Document data sources

Introduction

Microsoft Azure Data Catalog is a fully managed cloud service that serves as a system of registration and system of discovery for enterprise data sources. In other words, Azure Data Catalog is all about helping people discover, understand, and use data sources, and helping organizations to get more value from their existing data.

When a data source is registered with Azure Data Catalog, its metadata is copied and indexed by the service, but the story doesn’t end there. Azure Data Catalog also allows users to provide their own complete documentation that can describe the usage and common scenarios for the data source.

In How to annotate data sources, you learn that experts who know the data source can annotate it with tags and a description. The Azure Data Catalog portal includes a rich text editor so that users can fully document data assets and containers. The editor includes paragraph formatting, such as headings, text formatting, bulleted lists, numbered lists, and tables.
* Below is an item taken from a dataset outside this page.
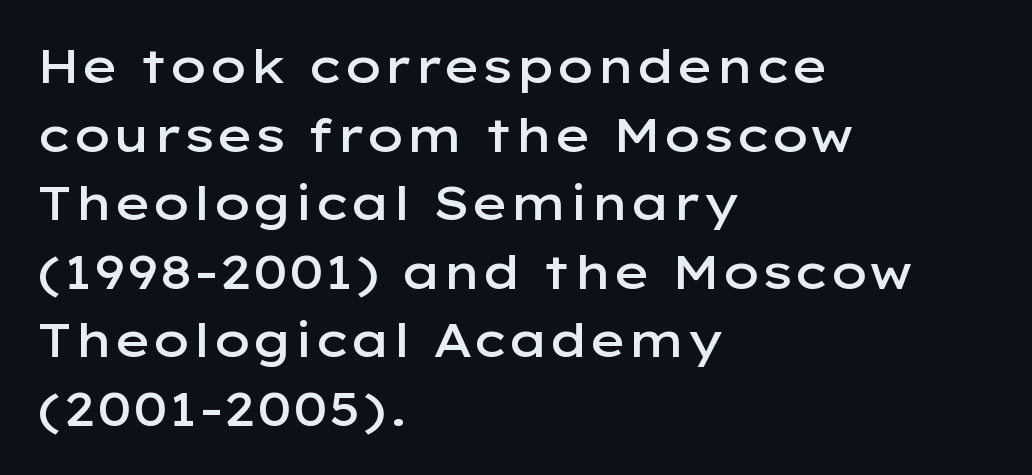
Italic? Not at all — the glyphs are vertical. Each row of text sits above clean, open space. Caption: multi-line text, flush left, ragged right. The horizontal fit of the characters is conventional and even. Character widths vary here, with narrow letters taking less room than wide ones.

Tags and descriptions are great for simple annotations. However, to help data consumers better understand the use of a data source, and business scenarios for a data source, an expert can provide complete, detailed documentation. It's easy to document a data source. Select a data asset or container, and choose Documentation.

Documenting data assets

The benefit of Azure Data Catalog documentation allows you to use your Data Catalog as a content repository to create a complete narrative of your data assets. You can explore detailed content that describes containers and tables. If you already have content in another content repository, such as SharePoint or a file share, you can add to the asset documentation links to reference this existing content. This feature makes your existing documents more discoverable.

Note

Documentation is not included in search index.

The level of documentation can range from describing the characteristics and value of a data asset container to a detailed description of table schema within a container. The level of documentation provided should be driven by your business needs. But in general, here are a few pros and cons of documenting data assets:

  • Document just a container: All the content is in one place, but might lack necessary details for users to make an informed decision.
  • Document just the tables: Content is specific to that object, but your users have multiple places for documents.
  • Document containers and tables: Most comprehensive approach, but might introduce more maintenance of the documents.

Summary

Documenting data sources with Azure Data Catalog can create a narrative about your data assets in as much detail as you need. By using links, you can link to content stored in an existing content repository, which brings your existing docs and data assets together. Once your users discover appropriate data assets, they can have a complete set of documentation.